Aus dem Fenster heraus füttere ich Tauben. Mit Brot. Reiße aus den klitschigen Scheiben kleine Stücke, spucke drauf, rolle die zu einer Kugel und werfe sie den Viechern zu. Ja, mich freut es, wenn die sich um die Brocken balgen, wie irre flatternd aufeinander einhacken. Wenn Federn fliegen. Blut fließt. Wenn eine gewinnt. Und die anderen verlieren. Mein Mitbewohner, ein langer Kerl, mit dürren Armen und Beinen, der, wenn er das Maul auftut, so blöd wie lang daherkommt und der, wenn er seinen Kopf erst Mal durchs Gitter hat, auch seinen mageren Körper hindurchpressen kann ... und das auch tut. Der dann laut lachend auf dem Hof steht um mir dann dort, wie schon Tage zuvor angekündigt, eine Taube fängt. Die ich aber nicht haben will. Und als ich es nun wiederhole, ihm lautstark sage, beißt er der Taube den Kopf ab, wie seinerzeit Ossy Osborn einer Ratte. Nur, dass der hier versucht, den Kopf zu verschlucken.

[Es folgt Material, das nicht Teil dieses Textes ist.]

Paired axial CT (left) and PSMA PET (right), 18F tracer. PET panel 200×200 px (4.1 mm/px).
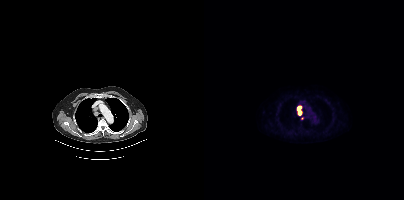
Coordinates are on the 200×200 PET (right) panel. Small PSMA-avid foci (2 to 4 px across) near (center x, center y): (96, 112) (98, 118).

Kurz daraufhin röchelt und krampft er wie irre, wie ich auch an seinem hampelnden Kehlkopf sehe, fällt um, das Gesicht blau angelaufen bleibt komatös liegen, um von zwei herbeieilenden Wärtern an den Beinen gepackt und ins Haus gezerrt zu werden. Und wie am Ende die kopflose Taube zuckt, ausblutet und stirbt sterbe ich. Weil ich den Weg aus dem Tunnel nicht geschafft habe; meine Seele in der dunkelsten Stelle des Menschen angesiedelt ist, wie ein Gutachter unmissverständlich über mich behauptet.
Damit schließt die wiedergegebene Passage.